→ **PROBLEM TO SOLVE**
Nothing but a number is expected: the count of lines in the data below that include "Tutorial".
══════════
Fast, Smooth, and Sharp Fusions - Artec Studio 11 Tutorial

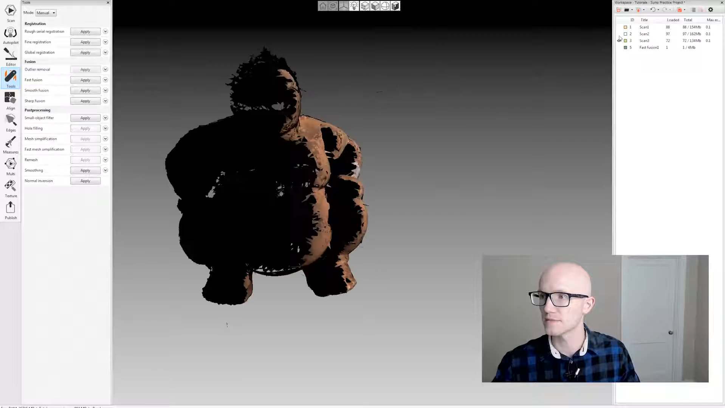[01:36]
Let's re-enable my scan data and look at smooth fusion.
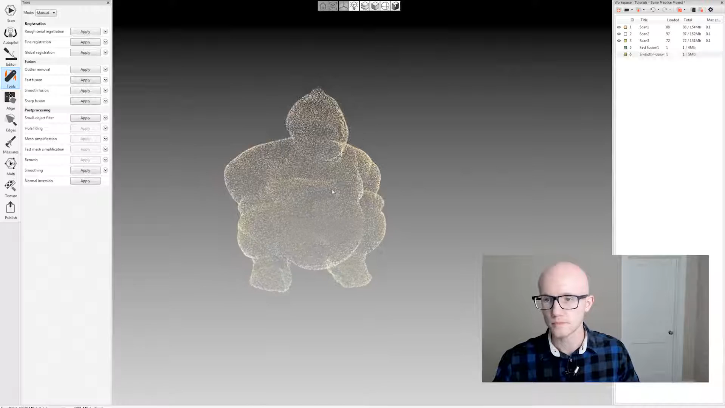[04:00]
And I'm going to go to sharp fusion. Sharp fusion. Again, I'm using the same resolution for all of these fusions.
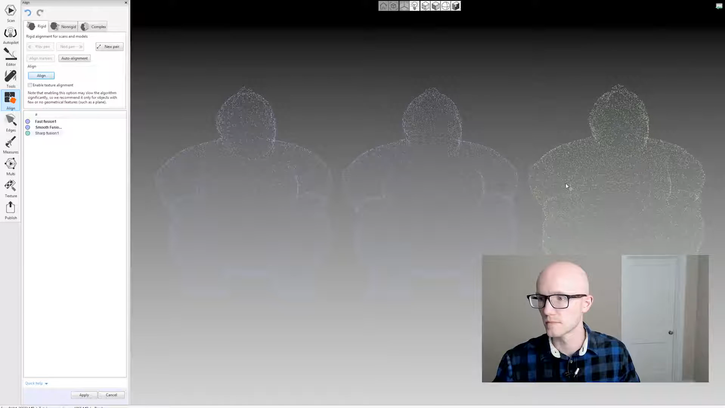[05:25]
All right, let's apply that. Okay, so here are the fusion side-by-side.
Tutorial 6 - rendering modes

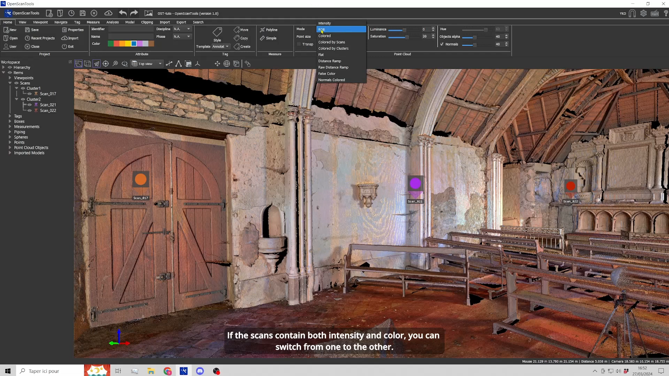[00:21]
If the scans contain both intensity and color, you can switch from one to the other.
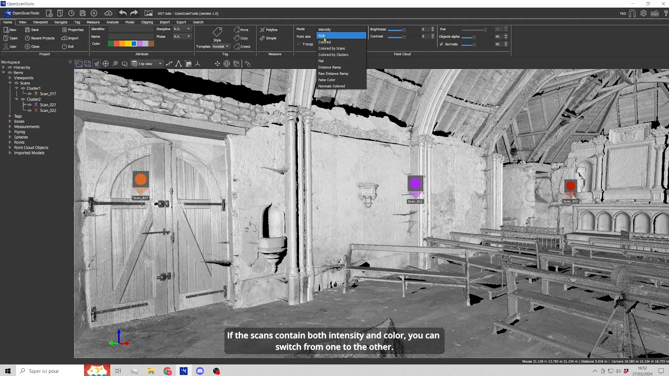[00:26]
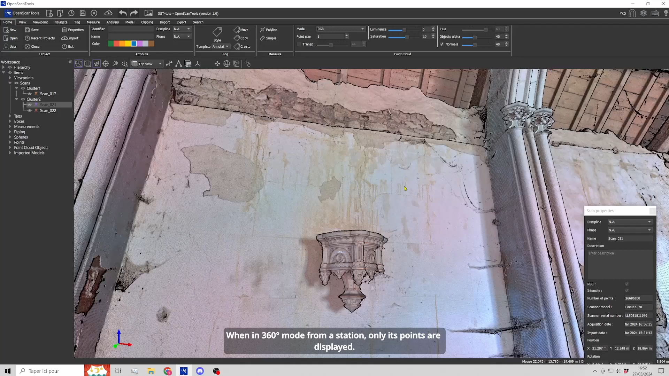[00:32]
When in 360 mode from a station, only its points are displayed. If the point cloud seems too sparse or decimated, you can increase the size of the points.
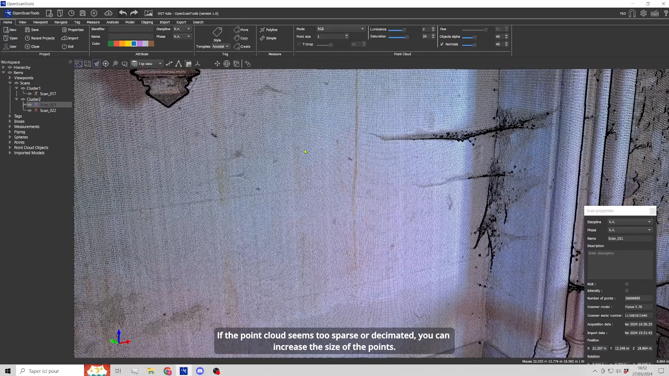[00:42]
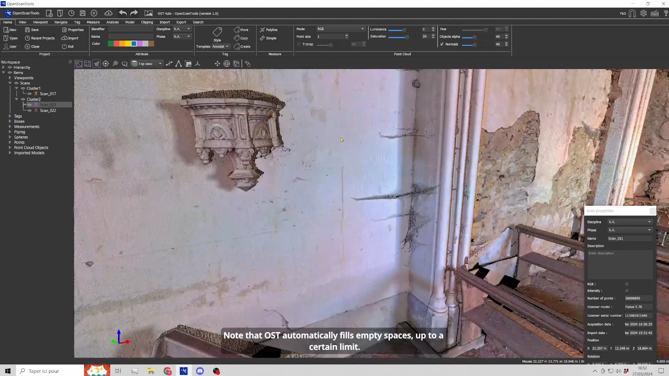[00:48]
Note that OpenScanTools automatically fills empty spaces up to a certain limit.
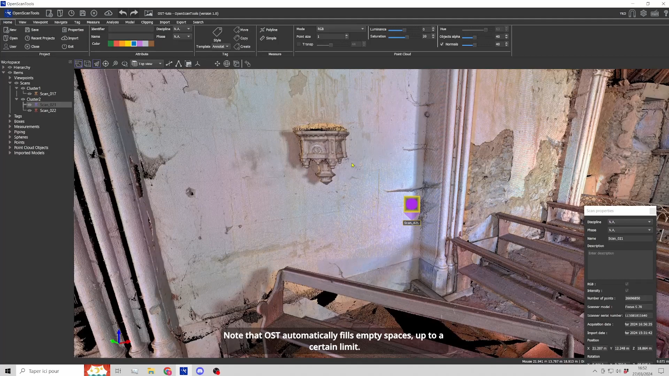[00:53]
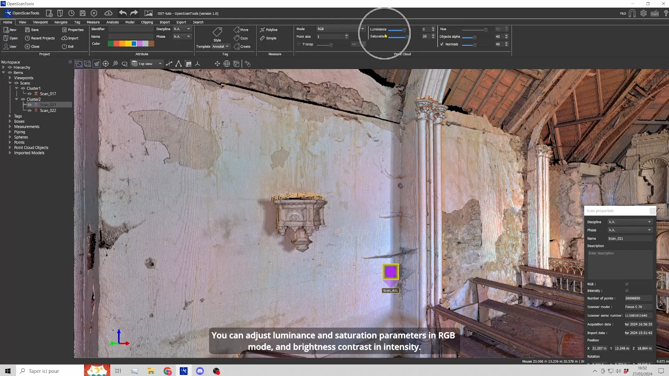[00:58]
You can adjust luminance and saturation parameters in RGB mode and brightness contrast in intensity.
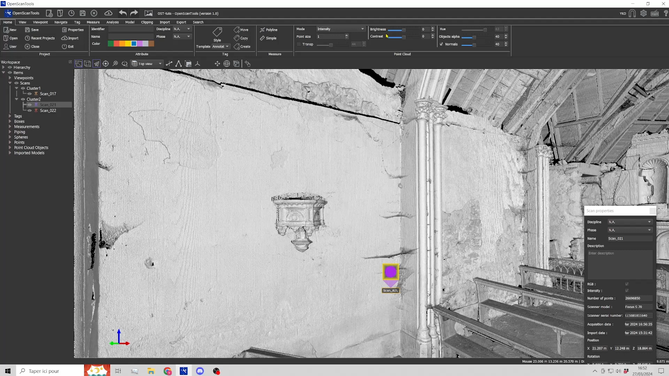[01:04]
A very important option, the normals, they enhance perception and smooth out some of the defects. If you deactivate them, you'll see that rendering is coarser and noisier.
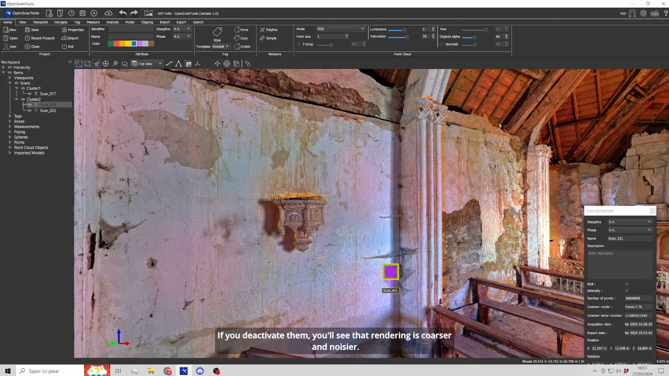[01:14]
This is due to the fact that the stations were set up with different exposures.
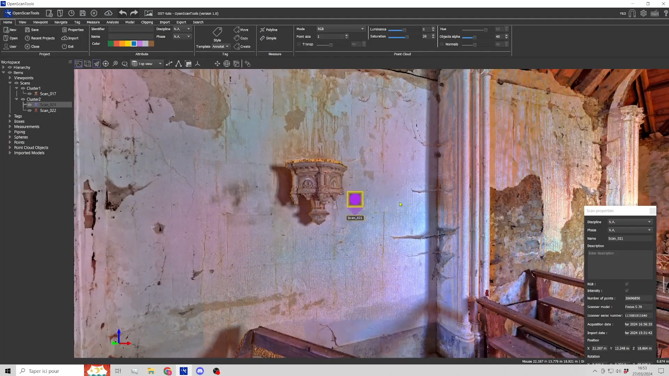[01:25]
If you look at this station, you can see that the wall is rather off-white.
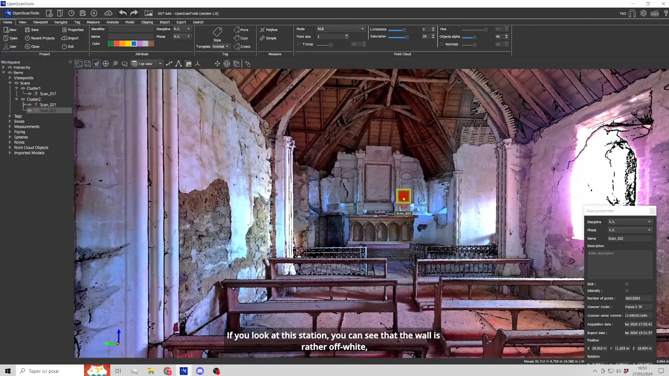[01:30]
Whereas it's rather orange in this station.
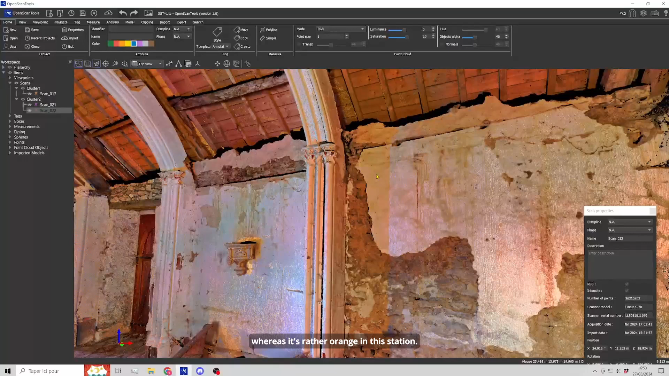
══════════
→ **ANSWER TO THE PROBLEM**
2